La renaissance

C’est la seule période de l’histoire de l’art qui se soit donné un nom (c’est la seule fois où les contemporains ont eu le sentiment de ce mouvement nouveau et ils ont su le qualifier). Ainsi les humanistes italiens du Quattrocento (= des années 1400) parlent déjà de « rinascità » (= renaissance, en Italie on est très en avance dans le domaine de l’art). La « rinascità » est avant tout un phénomène d’ordre culturel : c’est une conception toute nouvelle de la vie, une conception toute nouvelle de la réalité du monde qui imprègne tous les domaines (les mœurs, les sciences, les lettres et les arts).
Grosso modo, cette renaissance correspond au 16ème siècle mais elle a des racines extrêmement profondes dans le 15ème siècle (en particulier en Italie).

Dès son apparition ce terme de renaissance a un sens positif et cette renaissance c’est avant tout une rupture avec le passé récent.
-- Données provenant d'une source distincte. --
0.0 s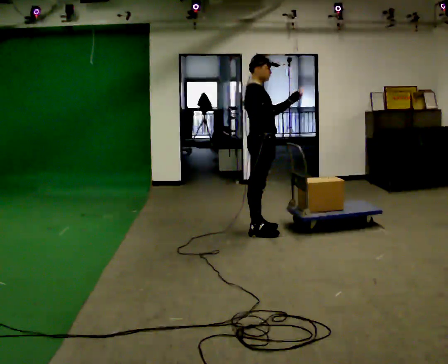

Le passé récent est considéré comme un millénaire de décadence (on considère que tout ce qui s’est passé depuis la chute de l’empire romain [c’est à dire après la chute de Milan] est une profonde, immense décadence). C’est aussi à cette époque que va naître ce concept de « moyen âge » pour qualifier toute cette période. Le passage du moyen âge à la renaissance est surtout d’ordre intellectuel. Dans les arts on introduit un plus grand esprit de méthode (esprit de méthode = contrôle rationnel, contrôle de la raison sur la production artistique : je créée un objet, je le regarde, je le critique, je me fais une opinion réfléchie sur cet objet) alors qu’au moyen âge on reproduisait des schémas, des modèles éprouvés par le temps. Ces modèles qu’on a reproduit pendant des siècles, en les transformant bien sûr, on les juge désormais comme étant barbares (c’est aussi à cette époque qu’on invente le terme de « gothique » : c’est l’art de Goths c’est à dire des barbares [sans souci d’histoire parce que les Goths n’existent plus depuis longtemps]).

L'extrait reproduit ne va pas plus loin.